Dataset items:
►

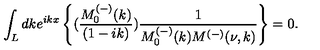
\int _ { L } d k e ^ { i k x } \left\{ ( \frac { M _ { 0 } ^ { ( - ) } ( k ) } { ( 1 - i k ) } ) \frac { 1 } { M _ { 0 } ^ { ( - ) } ( k ) M ^ { ( - ) } ( \nu , k ) } \right\} = 0 .
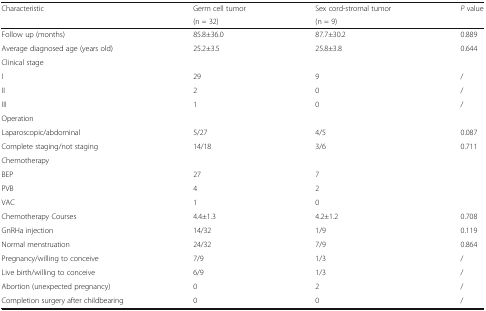
| <ROWSPAN=2> Characteristic | Germ cell tumor | Sex cord-stromal tumor | <ROWSPAN=2> P value |
 | (n = 32) | (n = 9) |
 | --- | --- | --- | --- |
 | Follow up (months) | 85.8±36.0 | 87.7±30.2 | 0.889 |
 | Average diagnosed age (years old) | 25.2±3.5 | 25.8±3.8 | 0.644 |
 | Clinical stage |  |  |  |
 | I | 29 | 9 | / |
 | II | 2 | 0 | / |
 | III | 1 | 0 | / |
 | Operation |  |  |  |
 | Laparoscopic/abdominal | 5/27 | 4/5 | 0.087 |
 | Complete staging/not staging | 14/18 | 3/6 | 0.711 |
 | Chemotherapy |  |  |  |
 | BEP | 27 | 7 |  |
 | PVB | 4 | 2 |  |
 | VAC | 1 | 0 |  |
 | Chemotherapy Courses | 4.4±1.3 | 4.2±1.2 | 0.708 |
 | GnRHa injection | 14/32 | 1/9 | 0.119 |
 | Normal menstruation | 24/32 | 7/9 | 0.864 |
 | Pregnancy/willing to conceive | 7/9 | 1/3 | / |
 | Live birth/willing to conceive | 6/9 | 1/3 | / |
 | Abortion (unexpected pregnancy) | 0 | 2 | / |
 | Completion surgery after childbearing | 0 | 0 | / |
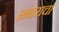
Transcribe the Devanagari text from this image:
शंभराचा
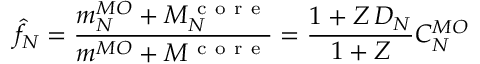
\hat { f } _ { N } = \frac { m _ { N } ^ { M O } + M _ { N } ^ { \mathrm { ~ c ~ o ~ r ~ e ~ } } } { m ^ { M O } + M ^ { \mathrm { ~ c ~ o ~ r ~ e ~ } } } = \frac { 1 + Z \, D _ { N } } { 1 + Z } C _ { N } ^ { M O }
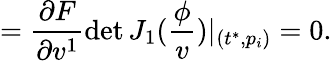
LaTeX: =\frac{\partial F}{\partial v^{1}}\operatorname*{det}J_{1}(\frac\phi v)|_{(t^{*},p_{i})}=0.
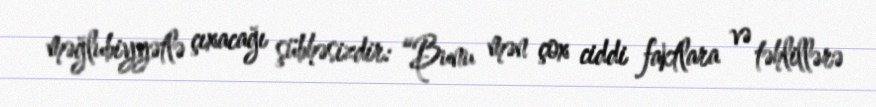
məğlubiyyətlə çıxacağı şübhəsizdir: “Bunu mən çox ciddi faktlara və təhlillərə
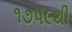
૧૭૫૯થી
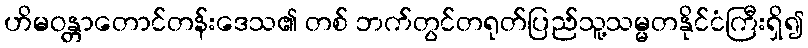
ဟိမဝန္တာတောင်တန်းဒေသ၏ တစ် ဘက်တွင်တရုတ်ပြည်သူ့သမ္မတနိုင်ငံကြီးရှိ၍
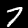
Label: 7
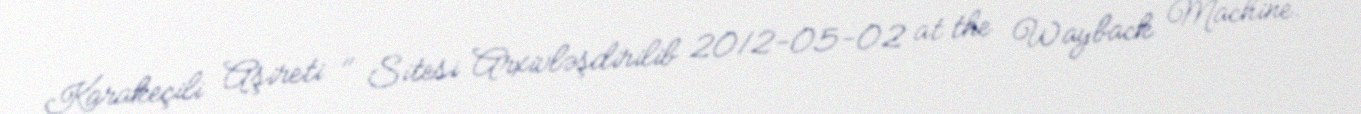
Karakeçili Aşireti " Sitesi Arxivləşdirilib 2012-05-02 at the Wayback Machine.
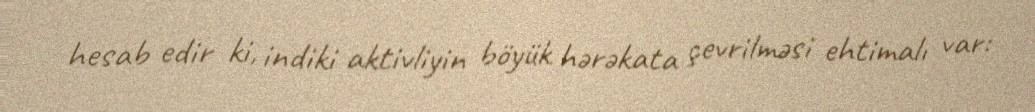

◄

- _Description of the task_:
Filter the records for lines containing the word "willing" and copy each one.

- _Task output_:
 | Pregnancy/willing to conceive | 7/9 | 1/3 | / |
 | Live birth/willing to conceive | 6/9 | 1/3 | / |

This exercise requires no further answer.